Task statement:
The answer must consist of every line in the records that contains the word "stem".

Records for the exercise:
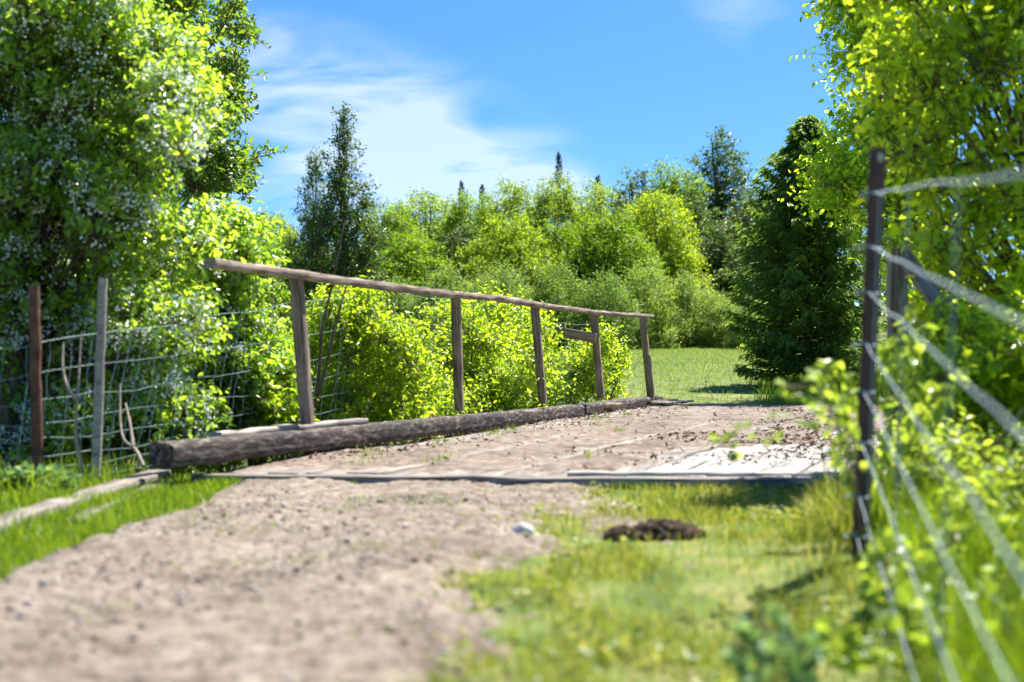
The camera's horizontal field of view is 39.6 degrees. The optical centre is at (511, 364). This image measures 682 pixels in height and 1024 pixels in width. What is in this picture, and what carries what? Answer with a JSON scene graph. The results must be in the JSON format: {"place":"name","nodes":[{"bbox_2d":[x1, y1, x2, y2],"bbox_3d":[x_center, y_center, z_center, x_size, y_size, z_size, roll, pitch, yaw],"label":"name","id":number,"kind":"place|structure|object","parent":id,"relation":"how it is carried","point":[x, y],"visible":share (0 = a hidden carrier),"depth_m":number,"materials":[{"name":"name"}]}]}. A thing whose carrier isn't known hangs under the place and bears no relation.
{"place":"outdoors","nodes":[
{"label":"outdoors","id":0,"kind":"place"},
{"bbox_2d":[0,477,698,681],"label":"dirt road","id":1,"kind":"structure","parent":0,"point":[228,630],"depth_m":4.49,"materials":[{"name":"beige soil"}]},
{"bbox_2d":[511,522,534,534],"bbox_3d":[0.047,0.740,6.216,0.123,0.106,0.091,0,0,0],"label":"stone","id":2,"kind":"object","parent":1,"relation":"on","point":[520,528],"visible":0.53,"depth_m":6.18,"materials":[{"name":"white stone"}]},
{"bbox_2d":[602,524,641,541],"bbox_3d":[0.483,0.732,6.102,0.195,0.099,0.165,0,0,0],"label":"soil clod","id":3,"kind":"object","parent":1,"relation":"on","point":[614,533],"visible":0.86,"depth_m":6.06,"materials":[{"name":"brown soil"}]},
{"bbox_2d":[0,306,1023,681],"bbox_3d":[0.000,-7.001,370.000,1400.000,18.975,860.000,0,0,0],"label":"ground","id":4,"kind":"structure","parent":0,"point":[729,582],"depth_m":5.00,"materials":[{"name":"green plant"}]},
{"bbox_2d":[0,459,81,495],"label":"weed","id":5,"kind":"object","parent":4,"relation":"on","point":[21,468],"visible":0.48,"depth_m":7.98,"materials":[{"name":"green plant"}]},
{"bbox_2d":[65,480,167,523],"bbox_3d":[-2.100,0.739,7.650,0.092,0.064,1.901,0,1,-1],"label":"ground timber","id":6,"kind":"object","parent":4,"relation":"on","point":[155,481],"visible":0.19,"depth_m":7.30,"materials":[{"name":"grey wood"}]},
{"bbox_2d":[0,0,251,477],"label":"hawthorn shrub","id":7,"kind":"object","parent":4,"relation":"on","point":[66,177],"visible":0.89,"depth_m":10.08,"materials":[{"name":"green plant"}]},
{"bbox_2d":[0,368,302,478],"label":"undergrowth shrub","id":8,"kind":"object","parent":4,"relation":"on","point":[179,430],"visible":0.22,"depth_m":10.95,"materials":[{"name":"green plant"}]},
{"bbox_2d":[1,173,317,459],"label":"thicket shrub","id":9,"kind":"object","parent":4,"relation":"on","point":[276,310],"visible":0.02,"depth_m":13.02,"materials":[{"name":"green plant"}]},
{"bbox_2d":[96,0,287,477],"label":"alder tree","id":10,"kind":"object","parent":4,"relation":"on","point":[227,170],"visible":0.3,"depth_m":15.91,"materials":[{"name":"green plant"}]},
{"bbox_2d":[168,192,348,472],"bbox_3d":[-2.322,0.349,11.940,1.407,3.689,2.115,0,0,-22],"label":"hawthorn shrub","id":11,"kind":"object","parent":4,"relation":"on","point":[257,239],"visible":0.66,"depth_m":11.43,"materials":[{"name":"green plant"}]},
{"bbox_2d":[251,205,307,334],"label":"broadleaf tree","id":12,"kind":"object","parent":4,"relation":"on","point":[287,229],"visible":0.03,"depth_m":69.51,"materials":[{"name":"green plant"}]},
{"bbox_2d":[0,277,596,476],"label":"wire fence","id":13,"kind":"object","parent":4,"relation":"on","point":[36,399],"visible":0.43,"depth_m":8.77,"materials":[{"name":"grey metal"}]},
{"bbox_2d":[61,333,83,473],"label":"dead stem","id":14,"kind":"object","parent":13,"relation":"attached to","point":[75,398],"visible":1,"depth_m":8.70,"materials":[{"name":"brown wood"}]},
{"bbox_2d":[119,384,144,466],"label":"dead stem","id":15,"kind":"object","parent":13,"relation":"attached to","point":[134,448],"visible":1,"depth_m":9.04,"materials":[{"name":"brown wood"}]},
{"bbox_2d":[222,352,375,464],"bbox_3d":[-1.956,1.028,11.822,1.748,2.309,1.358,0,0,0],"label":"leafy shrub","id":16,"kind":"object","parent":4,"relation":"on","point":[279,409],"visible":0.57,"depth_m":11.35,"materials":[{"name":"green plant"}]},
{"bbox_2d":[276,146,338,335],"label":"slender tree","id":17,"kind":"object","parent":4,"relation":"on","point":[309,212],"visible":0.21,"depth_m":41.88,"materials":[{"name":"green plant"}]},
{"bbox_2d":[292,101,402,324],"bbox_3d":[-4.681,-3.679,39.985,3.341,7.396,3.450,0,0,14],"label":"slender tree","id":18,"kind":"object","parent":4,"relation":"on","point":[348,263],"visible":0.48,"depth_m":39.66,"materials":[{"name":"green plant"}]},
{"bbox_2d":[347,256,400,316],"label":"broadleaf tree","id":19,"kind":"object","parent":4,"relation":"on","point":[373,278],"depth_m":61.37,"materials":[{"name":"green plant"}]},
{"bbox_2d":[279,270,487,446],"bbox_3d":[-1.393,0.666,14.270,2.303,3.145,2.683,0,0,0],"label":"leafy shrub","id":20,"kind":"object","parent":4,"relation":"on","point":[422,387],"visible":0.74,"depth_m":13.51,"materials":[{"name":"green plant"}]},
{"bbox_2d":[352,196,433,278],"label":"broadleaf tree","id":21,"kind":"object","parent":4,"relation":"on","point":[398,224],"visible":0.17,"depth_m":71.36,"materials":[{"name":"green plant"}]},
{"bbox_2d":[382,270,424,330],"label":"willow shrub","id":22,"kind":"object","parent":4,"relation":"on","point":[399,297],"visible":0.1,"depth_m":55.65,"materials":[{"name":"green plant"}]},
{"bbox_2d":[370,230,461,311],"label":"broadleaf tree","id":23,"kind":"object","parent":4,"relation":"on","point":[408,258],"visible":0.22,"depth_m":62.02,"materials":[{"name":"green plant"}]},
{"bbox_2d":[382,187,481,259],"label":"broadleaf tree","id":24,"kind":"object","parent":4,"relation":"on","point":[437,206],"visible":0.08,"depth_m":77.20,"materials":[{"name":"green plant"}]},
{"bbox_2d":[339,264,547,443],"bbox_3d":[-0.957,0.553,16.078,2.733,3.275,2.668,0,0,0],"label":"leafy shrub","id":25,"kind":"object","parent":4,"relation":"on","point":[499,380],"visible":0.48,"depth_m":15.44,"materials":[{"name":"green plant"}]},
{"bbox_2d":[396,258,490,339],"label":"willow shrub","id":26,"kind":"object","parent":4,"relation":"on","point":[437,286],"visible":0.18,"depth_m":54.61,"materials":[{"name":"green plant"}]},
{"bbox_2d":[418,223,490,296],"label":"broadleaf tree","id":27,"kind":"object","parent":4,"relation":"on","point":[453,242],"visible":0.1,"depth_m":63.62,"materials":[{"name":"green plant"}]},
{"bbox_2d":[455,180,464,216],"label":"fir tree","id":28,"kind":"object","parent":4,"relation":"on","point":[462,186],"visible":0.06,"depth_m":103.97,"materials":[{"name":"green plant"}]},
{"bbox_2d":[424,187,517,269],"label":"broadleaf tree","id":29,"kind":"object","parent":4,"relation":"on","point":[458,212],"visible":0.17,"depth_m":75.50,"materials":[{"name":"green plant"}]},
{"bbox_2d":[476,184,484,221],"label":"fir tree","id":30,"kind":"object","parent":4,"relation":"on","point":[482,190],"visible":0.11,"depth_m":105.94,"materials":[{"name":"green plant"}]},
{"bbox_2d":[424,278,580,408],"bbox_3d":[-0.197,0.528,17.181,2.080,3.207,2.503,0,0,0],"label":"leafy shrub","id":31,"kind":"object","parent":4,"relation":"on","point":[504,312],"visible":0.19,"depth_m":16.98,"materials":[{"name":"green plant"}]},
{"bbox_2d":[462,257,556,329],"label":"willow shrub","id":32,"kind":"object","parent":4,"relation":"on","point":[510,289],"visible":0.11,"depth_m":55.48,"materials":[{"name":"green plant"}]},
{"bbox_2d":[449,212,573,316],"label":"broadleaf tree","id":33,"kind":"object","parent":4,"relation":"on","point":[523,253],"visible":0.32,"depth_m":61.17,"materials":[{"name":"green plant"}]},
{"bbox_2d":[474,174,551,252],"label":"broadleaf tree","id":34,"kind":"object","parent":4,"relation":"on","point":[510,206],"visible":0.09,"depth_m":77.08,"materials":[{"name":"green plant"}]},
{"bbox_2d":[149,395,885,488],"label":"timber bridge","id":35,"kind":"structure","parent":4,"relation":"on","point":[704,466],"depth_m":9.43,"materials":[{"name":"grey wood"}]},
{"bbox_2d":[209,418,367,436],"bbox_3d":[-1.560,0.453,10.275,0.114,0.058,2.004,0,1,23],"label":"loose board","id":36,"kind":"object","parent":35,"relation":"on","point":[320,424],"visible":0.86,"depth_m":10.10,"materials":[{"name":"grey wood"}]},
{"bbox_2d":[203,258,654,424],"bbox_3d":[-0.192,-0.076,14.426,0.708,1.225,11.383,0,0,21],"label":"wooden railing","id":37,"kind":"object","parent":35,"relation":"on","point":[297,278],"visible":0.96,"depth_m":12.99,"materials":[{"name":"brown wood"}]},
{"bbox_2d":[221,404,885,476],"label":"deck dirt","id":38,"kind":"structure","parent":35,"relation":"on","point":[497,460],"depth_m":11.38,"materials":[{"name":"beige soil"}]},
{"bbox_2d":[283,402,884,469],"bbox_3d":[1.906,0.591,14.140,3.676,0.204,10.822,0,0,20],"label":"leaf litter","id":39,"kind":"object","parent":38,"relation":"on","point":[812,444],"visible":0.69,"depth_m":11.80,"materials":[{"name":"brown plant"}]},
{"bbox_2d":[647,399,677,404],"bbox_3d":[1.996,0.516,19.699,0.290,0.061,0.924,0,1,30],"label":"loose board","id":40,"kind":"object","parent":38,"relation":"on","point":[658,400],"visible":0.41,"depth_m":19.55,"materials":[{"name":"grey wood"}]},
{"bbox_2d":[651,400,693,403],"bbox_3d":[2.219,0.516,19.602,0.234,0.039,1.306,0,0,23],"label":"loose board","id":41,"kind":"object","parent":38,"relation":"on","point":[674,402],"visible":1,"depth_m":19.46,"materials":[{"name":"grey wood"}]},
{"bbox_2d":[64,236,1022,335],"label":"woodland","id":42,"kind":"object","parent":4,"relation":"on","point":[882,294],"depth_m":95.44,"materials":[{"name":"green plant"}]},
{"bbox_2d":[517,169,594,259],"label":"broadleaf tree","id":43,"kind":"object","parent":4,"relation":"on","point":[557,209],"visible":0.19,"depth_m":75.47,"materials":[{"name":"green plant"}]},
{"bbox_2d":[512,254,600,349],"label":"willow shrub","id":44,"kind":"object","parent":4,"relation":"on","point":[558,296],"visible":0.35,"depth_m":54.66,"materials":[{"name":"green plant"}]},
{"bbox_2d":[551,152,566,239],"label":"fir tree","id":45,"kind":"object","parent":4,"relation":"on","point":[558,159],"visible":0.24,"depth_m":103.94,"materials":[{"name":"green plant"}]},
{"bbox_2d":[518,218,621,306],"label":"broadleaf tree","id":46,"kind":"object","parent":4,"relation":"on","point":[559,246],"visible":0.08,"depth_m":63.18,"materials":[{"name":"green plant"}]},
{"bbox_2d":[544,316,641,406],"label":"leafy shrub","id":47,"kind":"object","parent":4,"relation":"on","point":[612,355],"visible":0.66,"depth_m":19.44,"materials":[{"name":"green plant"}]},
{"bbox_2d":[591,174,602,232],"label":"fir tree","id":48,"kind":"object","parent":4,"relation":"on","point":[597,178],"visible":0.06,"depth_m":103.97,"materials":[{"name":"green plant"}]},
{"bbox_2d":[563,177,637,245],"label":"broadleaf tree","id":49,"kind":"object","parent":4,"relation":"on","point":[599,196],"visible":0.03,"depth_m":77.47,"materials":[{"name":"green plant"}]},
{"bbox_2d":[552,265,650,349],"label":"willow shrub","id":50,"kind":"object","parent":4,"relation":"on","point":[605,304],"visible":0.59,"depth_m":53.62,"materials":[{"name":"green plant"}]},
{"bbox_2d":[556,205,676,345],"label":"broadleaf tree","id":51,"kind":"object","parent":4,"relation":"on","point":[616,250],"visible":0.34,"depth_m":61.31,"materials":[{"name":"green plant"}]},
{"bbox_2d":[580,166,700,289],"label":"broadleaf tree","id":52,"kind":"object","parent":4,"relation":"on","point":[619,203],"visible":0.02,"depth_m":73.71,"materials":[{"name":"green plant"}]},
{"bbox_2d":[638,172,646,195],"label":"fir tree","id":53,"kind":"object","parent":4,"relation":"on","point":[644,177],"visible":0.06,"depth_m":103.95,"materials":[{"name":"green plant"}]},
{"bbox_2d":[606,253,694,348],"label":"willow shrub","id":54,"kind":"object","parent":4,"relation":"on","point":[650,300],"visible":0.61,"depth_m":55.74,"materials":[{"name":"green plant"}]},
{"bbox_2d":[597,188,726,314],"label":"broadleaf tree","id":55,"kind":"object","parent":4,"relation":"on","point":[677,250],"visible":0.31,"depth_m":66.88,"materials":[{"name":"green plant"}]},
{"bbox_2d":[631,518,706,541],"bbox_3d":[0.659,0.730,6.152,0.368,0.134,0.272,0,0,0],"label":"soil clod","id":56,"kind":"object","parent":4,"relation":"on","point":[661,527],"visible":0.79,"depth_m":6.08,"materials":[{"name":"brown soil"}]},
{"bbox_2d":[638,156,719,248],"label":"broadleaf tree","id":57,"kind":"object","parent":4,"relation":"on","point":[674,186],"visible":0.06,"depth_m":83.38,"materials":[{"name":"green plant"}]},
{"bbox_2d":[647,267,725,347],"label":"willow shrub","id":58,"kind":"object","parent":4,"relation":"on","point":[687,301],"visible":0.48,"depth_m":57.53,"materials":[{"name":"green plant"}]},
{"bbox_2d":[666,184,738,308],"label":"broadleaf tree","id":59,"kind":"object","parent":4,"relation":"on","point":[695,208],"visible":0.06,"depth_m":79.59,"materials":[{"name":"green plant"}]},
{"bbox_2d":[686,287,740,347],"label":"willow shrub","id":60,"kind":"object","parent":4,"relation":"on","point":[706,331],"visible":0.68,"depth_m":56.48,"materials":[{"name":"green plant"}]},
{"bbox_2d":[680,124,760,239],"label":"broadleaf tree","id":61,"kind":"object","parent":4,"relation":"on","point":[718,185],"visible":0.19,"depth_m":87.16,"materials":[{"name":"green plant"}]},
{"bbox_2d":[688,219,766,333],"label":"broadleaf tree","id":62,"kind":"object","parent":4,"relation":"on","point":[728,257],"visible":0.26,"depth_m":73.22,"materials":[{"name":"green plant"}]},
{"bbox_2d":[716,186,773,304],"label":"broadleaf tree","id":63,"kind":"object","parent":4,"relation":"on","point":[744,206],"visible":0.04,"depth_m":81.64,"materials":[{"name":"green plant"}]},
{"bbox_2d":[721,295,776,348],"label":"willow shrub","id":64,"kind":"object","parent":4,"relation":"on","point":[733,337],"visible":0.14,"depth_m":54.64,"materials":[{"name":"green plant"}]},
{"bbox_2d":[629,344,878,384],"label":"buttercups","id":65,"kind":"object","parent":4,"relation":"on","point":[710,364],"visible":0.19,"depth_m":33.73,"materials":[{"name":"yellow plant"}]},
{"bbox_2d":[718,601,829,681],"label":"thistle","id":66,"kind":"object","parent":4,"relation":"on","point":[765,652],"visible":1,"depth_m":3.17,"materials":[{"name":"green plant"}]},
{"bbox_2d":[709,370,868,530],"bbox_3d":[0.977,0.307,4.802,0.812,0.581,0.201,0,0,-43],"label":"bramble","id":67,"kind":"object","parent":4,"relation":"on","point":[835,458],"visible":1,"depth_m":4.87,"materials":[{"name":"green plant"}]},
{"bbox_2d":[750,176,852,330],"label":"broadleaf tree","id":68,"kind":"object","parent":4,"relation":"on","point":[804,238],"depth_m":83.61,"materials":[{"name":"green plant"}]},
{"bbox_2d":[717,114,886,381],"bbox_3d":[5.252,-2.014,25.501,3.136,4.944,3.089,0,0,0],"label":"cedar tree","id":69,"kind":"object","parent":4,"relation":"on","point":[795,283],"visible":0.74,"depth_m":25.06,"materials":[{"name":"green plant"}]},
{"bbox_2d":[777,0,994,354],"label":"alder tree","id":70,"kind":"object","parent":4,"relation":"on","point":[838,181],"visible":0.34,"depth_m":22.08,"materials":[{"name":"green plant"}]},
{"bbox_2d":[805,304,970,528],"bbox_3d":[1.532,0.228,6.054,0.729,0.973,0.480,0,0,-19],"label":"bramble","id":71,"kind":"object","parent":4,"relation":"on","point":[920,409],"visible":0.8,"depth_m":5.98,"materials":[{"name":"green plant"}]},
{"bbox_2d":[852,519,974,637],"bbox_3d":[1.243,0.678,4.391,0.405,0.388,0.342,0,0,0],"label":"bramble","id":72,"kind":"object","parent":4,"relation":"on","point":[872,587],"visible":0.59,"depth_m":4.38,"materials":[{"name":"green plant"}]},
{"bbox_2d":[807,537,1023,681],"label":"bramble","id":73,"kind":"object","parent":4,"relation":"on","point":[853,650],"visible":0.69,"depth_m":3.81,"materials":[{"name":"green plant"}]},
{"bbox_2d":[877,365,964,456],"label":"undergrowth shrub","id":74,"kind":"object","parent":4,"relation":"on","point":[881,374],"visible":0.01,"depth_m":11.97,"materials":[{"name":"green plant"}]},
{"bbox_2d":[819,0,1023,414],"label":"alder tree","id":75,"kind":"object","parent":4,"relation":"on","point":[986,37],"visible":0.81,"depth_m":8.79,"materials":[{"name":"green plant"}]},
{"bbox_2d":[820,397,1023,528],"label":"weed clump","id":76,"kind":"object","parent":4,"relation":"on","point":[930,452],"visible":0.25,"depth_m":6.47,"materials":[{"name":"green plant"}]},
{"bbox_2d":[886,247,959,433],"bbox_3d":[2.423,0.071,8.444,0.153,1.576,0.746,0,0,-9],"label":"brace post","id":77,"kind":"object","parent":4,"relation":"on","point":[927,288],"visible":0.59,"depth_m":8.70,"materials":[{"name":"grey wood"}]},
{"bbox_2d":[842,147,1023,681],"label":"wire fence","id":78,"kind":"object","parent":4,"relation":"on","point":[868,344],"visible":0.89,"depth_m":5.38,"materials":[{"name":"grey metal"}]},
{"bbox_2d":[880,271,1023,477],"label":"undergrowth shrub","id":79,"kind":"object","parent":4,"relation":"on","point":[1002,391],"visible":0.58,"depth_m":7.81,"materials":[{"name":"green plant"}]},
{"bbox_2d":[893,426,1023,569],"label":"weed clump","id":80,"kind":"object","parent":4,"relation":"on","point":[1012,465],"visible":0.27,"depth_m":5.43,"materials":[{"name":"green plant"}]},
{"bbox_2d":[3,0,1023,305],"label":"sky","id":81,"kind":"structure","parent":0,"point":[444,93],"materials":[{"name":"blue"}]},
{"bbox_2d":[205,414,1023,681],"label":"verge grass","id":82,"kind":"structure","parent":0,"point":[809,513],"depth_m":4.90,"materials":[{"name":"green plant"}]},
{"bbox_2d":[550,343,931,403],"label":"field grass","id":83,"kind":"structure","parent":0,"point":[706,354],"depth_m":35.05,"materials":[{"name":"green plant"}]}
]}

Answer area:
{"bbox_2d":[61,333,83,473],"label":"dead stem","id":14,"kind":"object","parent":13,"relation":"attached to","point":[75,398],"visible":1,"depth_m":8.70,"materials":[{"name":"brown wood"}]},
{"bbox_2d":[119,384,144,466],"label":"dead stem","id":15,"kind":"object","parent":13,"relation":"attached to","point":[134,448],"visible":1,"depth_m":9.04,"materials":[{"name":"brown wood"}]},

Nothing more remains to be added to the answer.